Exercise :: What number of lines in the entries below include the string "width"? Respond with that number alone.

• • • • • • •

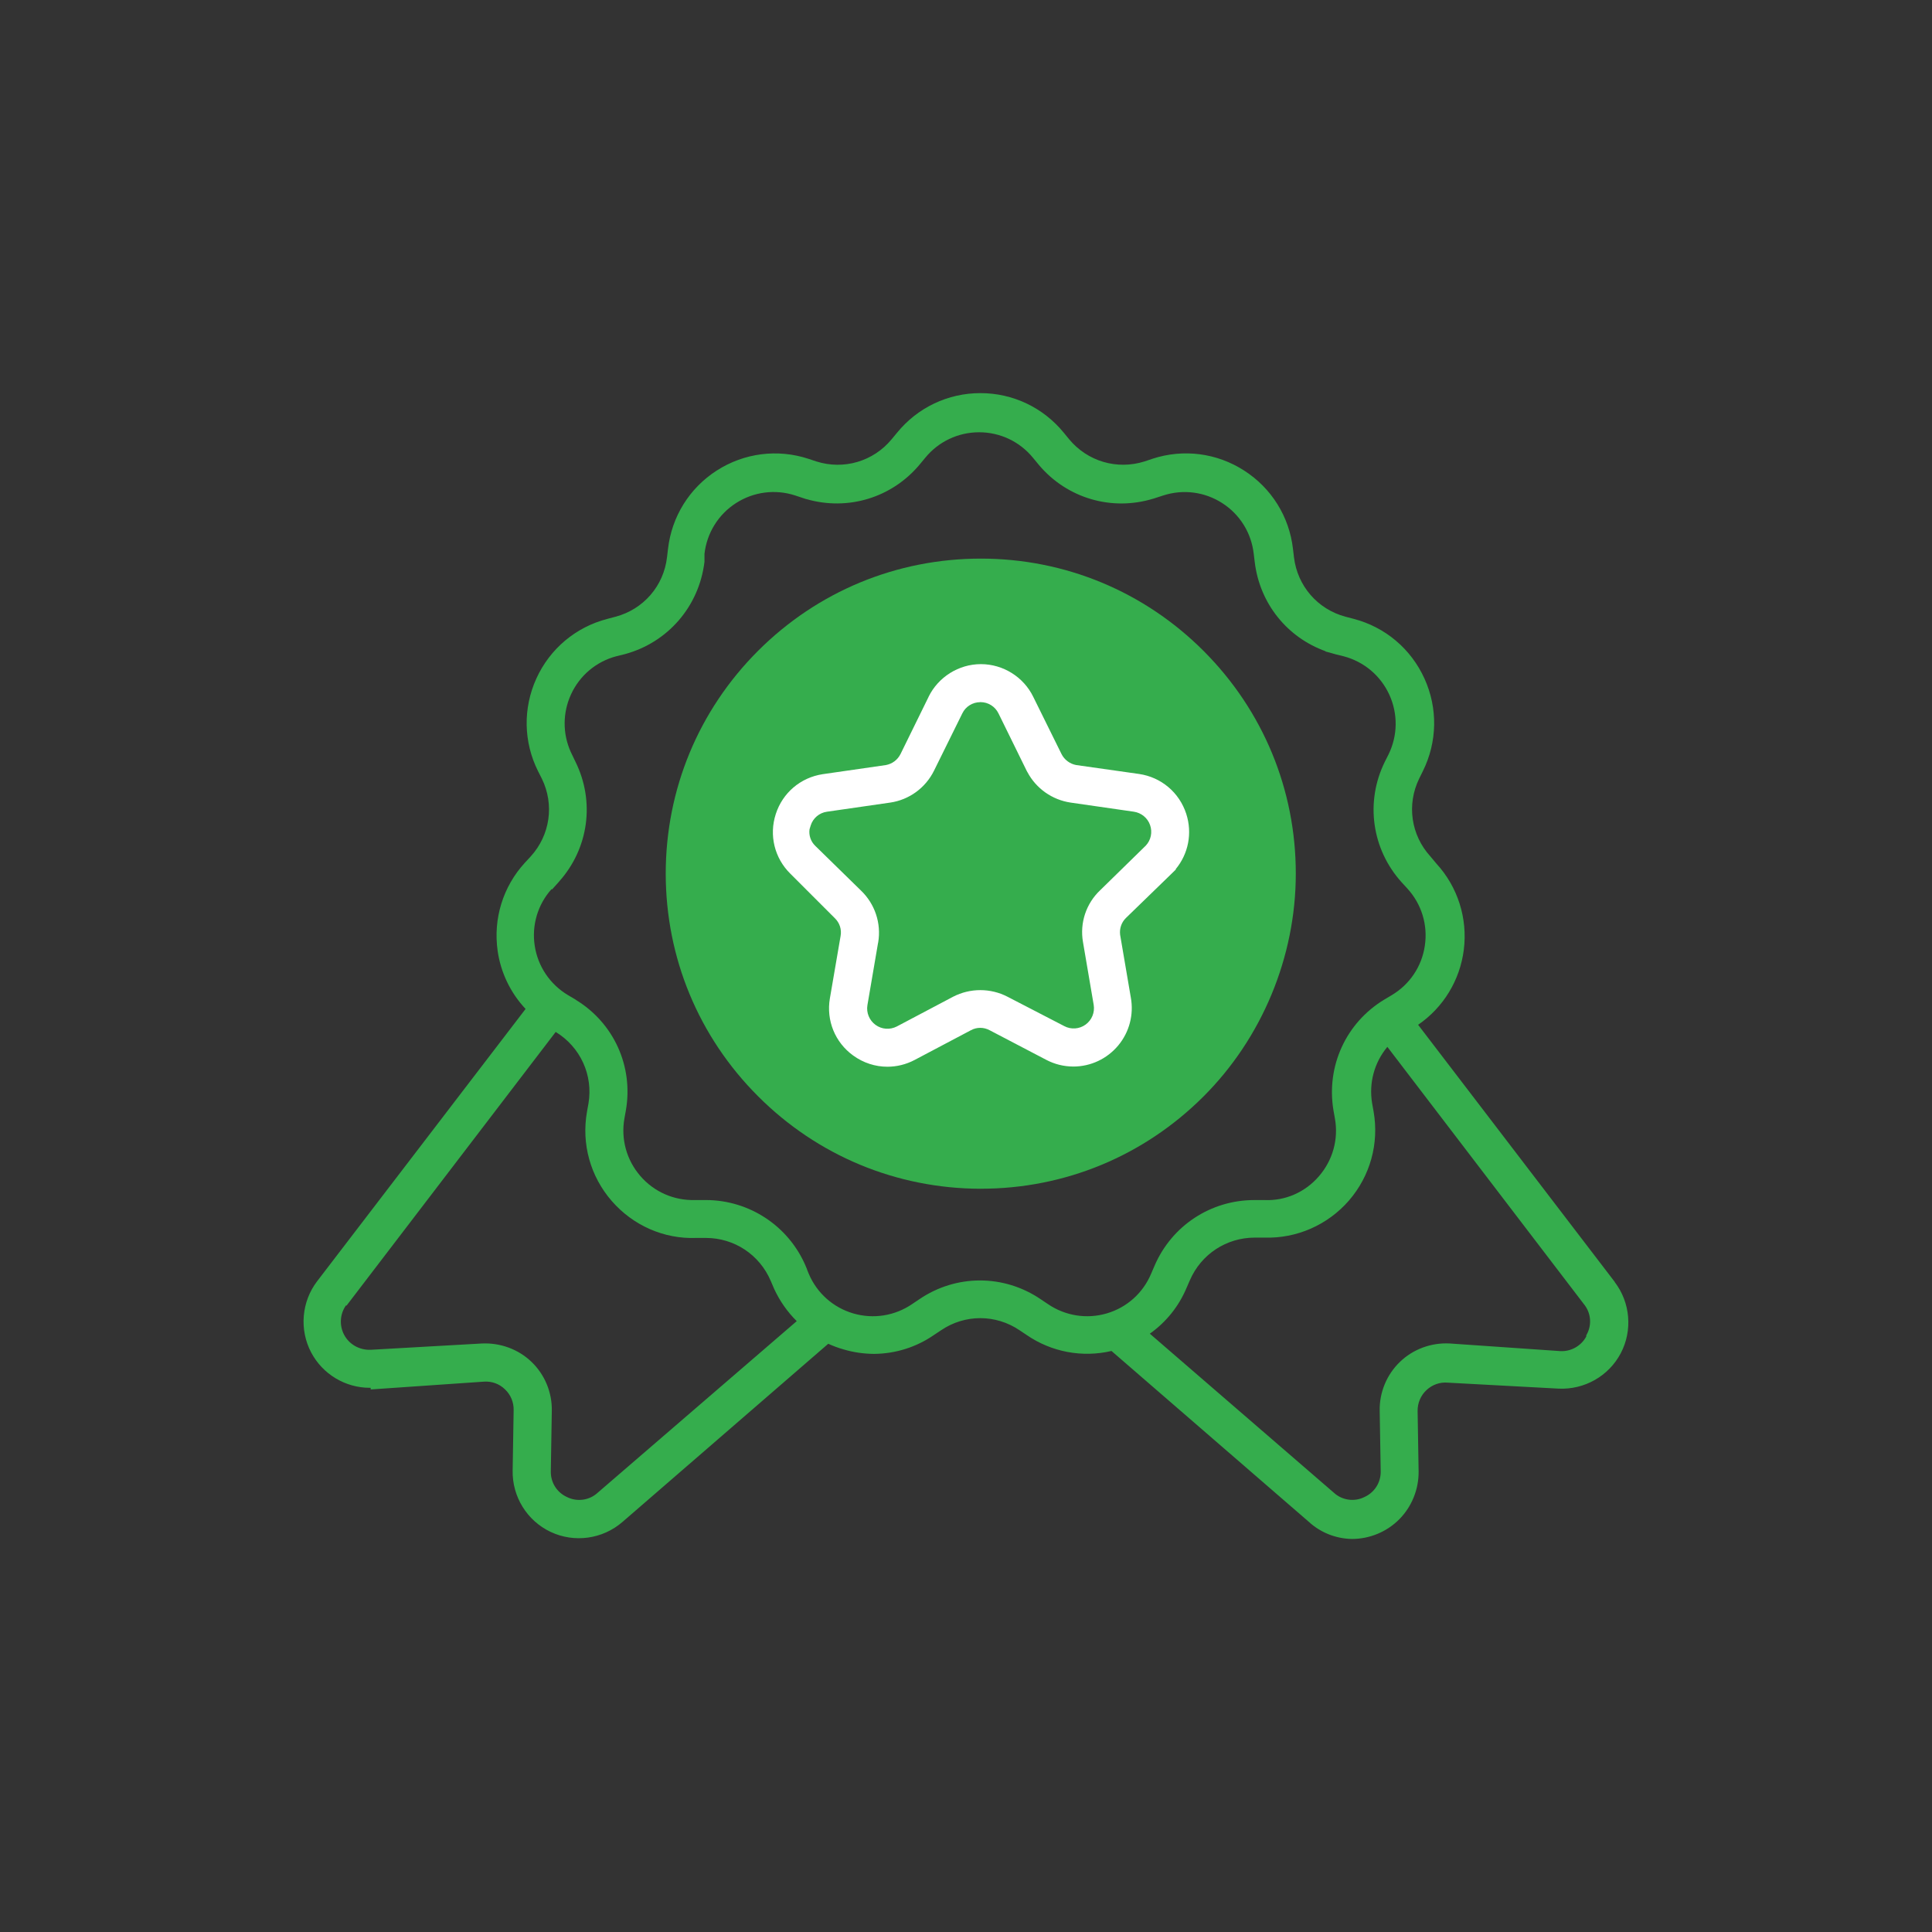 <?xml version="1.0" encoding="UTF-8"?>
<svg xmlns="http://www.w3.org/2000/svg" width="33.867mm" height="33.867mm" version="1.1" viewBox="0 0 96.001 96.001">
  <rect x="0" y="0" width="96.001" height="96.001" fill="#333333" stroke="none"/>
  <defs>
    <style>
      .cls-1 {
        fill: #35ad4d;
      }

      .cls-2 {
        fill: #fff;
      }
    </style>
  </defs>
  <g>
    <g id="Capa_1">
      <path class="cls-1" d="M48.711,59.068h.026c4.17,0,8.094-1.623,11.052-4.572,2.919-2.909,4.595-6.943,4.599-11.068.006-4.18-1.619-8.113-4.576-11.077-2.954-2.959-6.885-4.591-11.071-4.594-4.183,0-8.115,1.627-11.073,4.582-2.959,2.958-4.588,6.891-4.588,11.074.003,4.175,1.63,8.101,4.582,11.054,2.948,2.955,6.872,4.589,11.048,4.602h0Z"></path>
      <path class="cls-2" d="M46.142,34.626l-1.395,2.842c-.147.292-.414.491-.729.548l-3.138.453h0c-1.099.167-1.991.925-2.331,1.979-.343,1.054-.064,2.192.726,2.969l2.204,2.204c.242.23.35.562.29.89l-.533,3.104c-.185,1.095.258,2.181,1.155,2.831.508.371,1.104.56,1.704.56.459,0,.921-.11,1.348-.334l2.8-1.479c.293-.16.64-.158.933,0l2.809,1.469c.417.22.87.332,1.348.335.862,0,1.677-.382,2.233-1.049.552-.664.779-1.533.624-2.383l-.531-3.114c-.039-.31.065-.613.283-.831l2.275-2.208.219-.215h-.023c.639-.765.843-1.798.53-2.762-.345-1.057-1.241-1.814-2.341-1.976l-3.124-.443c-.314-.057-.589-.262-.732-.548l-1.404-2.842c-.479-.987-1.5-1.625-2.601-1.625s-2.118.638-2.601,1.625ZM48.707,34.889c.006,0,.013,0,.02,0,.375,0,.723.219.889.562l1.396,2.843.037.07h.002c.433.817,1.231,1.382,2.152,1.517l3.135.452h0c.376.056.686.31.809.664.126.356.043.749-.213,1.021l-2.265,2.216c-.701.662-1.021,1.625-.856,2.575l.532,3.12c.063.38-.091.757-.402.983-.309.225-.722.255-1.058.076l-2.827-1.463c-.842-.434-1.847-.435-2.694,0l-2.799,1.479c-.343.177-.748.149-1.06-.078-.308-.223-.466-.607-.403-.979l.526-3.081.01-.042c.158-.948-.164-1.911-.858-2.574l-2.268-2.218c-.225-.216-.328-.523-.287-.823l.058-.189c.112-.365.429-.634.81-.686l3.138-.453h0c.942-.136,1.757-.729,2.18-1.586l1.405-2.844c.162-.341.511-.56.892-.56Z"></path>
      <path class="cls-1" d="M80.239,63.701l-9.773-12.779c1.255-.861,2.08-2.214,2.271-3.731.195-1.563-.303-3.125-1.362-4.278l-.299-.358c-.967-1.06-1.185-2.578-.556-3.868l.182-.369c.72-1.453.749-3.13.079-4.601-.67-1.478-1.953-2.559-3.52-2.967l-.409-.107c-1.381-.371-2.383-1.528-2.554-2.949l-.05-.418c-.183-1.603-1.067-3.023-2.428-3.895-1.357-.874-3.017-1.087-4.551-.586l-.393.132c-1.369.434-2.839,0-3.752-1.102l-.262-.32c-1.021-1.252-2.531-1.971-4.146-1.971s-3.123.718-4.144,1.971l-.265.32c-.91,1.104-2.382,1.537-3.747,1.103l-.396-.132c-1.531-.5-3.191-.287-4.55.586-1.355.871-2.238,2.291-2.421,3.894l-.049.414c-.165,1.426-1.169,2.586-2.56,2.955l-.402.107c-1.571.406-2.857,1.485-3.529,2.961-.672,1.478-.643,3.157.083,4.608l.187.368c.631,1.289.414,2.807-.552,3.867l-.29.314c-1.088,1.186-1.581,2.782-1.353,4.38.152,1.075.644,2.095,1.388,2.884l-10.356,13.529c-.778,1.018-.895,2.407-.298,3.541.57,1.08,1.698,1.756,2.911,1.756.016,0,.031,0,.046,0v.082l5.629-.388c.39-.027.768.109,1.047.385.281.264.437.64.428,1.031l-.049,2.995c-.028,1.304.714,2.503,1.892,3.058,1.179.553,2.578.357,3.563-.496l10.227-8.855c.239.11.497.206.767.282.487.144.996.218,1.514.221,1.07-.01,2.1-.336,2.976-.942l.346-.23c1.186-.805,2.718-.805,3.907,0l.343.229c1.232.85,2.766,1.139,4.221.798l9.803,8.488c.585.538,1.347.84,2.146.853.882,0,1.74-.358,2.355-.982.617-.623.966-1.487.957-2.372l-.05-2.997c-.008-.396.151-.775.438-1.043.287-.271.671-.41,1.071-.372l5.494.296c1.285.061,2.492-.623,3.089-1.754.598-1.134.48-2.523-.297-3.541ZM78.838,66.322l-.016.028v.058c-.252.476-.77.759-1.295.728l-5.496-.379c-.913-.047-1.813.282-2.469.916-.658.633-1.024,1.52-1.005,2.433l.05,2.99c.016.561-.304,1.067-.818,1.296-.491.244-1.097.158-1.504-.214l-9.15-7.907c.811-.576,1.438-1.358,1.823-2.271l.167-.384c.558-1.293,1.817-2.119,3.224-2.119.021,0,.044,0,.066,0h.415c1.599.05,3.143-.624,4.201-1.844,1.056-1.223,1.502-2.834,1.223-4.423l-.073-.407c-.168-1.011.107-2.024.757-2.804l9.765,12.782c.356.434.409,1.03.136,1.521ZM40.031,62.901c-.847-1.977-2.785-3.261-4.938-3.271h-.57c-1.042.027-2.031-.41-2.71-1.201-.681-.79-.967-1.832-.785-2.857l.074-.411c.373-2.183-.604-4.329-2.49-5.479h.007l-.391-.232c-.899-.535-1.504-1.434-1.659-2.464-.152-1.015.149-2.031.829-2.797h.04l.317-.353.032-.039c1.464-1.64,1.783-3.967.81-5.941l-.239-.498c-.405-.906-.402-1.936.012-2.846.433-.95,1.261-1.645,2.269-1.907l.406-.1c2.139-.577,3.693-2.373,3.96-4.589v-.396c.119-1.039.69-1.958,1.565-2.521.879-.564,1.951-.703,2.942-.38l.559.185v-.004c2.063.598,4.26-.07,5.638-1.732l.265-.32c.66-.807,1.636-1.269,2.678-1.269s2.018.462,2.678,1.269l.302.366h0c1.396,1.648,3.608,2.296,5.672,1.665l-.002.002.494-.16c.996-.324,2.066-.183,2.94.38.876.563,1.445,1.482,1.562,2.521l.05.41c.249,2.058,1.615,3.75,3.536,4.433h-.049l.226.06c.102.032.204.062.309.088l.397.098c1.008.266,1.835.962,2.269,1.911.432.948.418,2.028-.039,2.963l-.191.379c-.974,1.988-.643,4.334.843,5.979l.285.311c.705.772,1.021,1.808.865,2.841-.151,1.032-.755,1.928-1.654,2.46l-.365.217c-1.897,1.148-2.887,3.307-2.521,5.5l.073.408c.183,1.027-.106,2.07-.791,2.863-.68.793-1.669,1.235-2.714,1.188h-.416c-.028,0-.057,0-.086,0-2.165,0-4.105,1.276-4.959,3.271l-.166.386c-.403.963-1.208,1.683-2.208,1.976-1.001.292-2.067.12-2.93-.47l-.344-.231c-1.836-1.25-4.208-1.25-6.043,0l-.346.232c-.86.59-1.929.761-2.93.469-1.001-.293-1.809-1.013-2.214-1.975l-.087-.213h.006l-.075-.174ZM26.412,67.673c-.655-.634-1.562-.958-2.468-.915l-5.527.313c-.555.02-1.069-.267-1.321-.752-.242-.463-.205-1.024.092-1.45l.033.005,10.391-13.596h.002c1.227.749,1.866,2.146,1.626,3.559l-.074.413c-.279,1.59.168,3.202,1.227,4.422,1.06,1.222,2.6,1.903,4.203,1.841h.421c.02,0,.04,0,.059,0,1.409,0,2.669.834,3.223,2.137l.166.389c.279.604.657,1.146,1.125,1.608l-9.901,8.535c-.406.37-1.009.456-1.507.21-.511-.228-.83-.736-.812-1.298l.049-2.986c.019-.914-.347-1.801-1.005-2.434Z"></path>
    </g>
  </g>
</svg>

• • • • • • •

Answer to this problem :: 2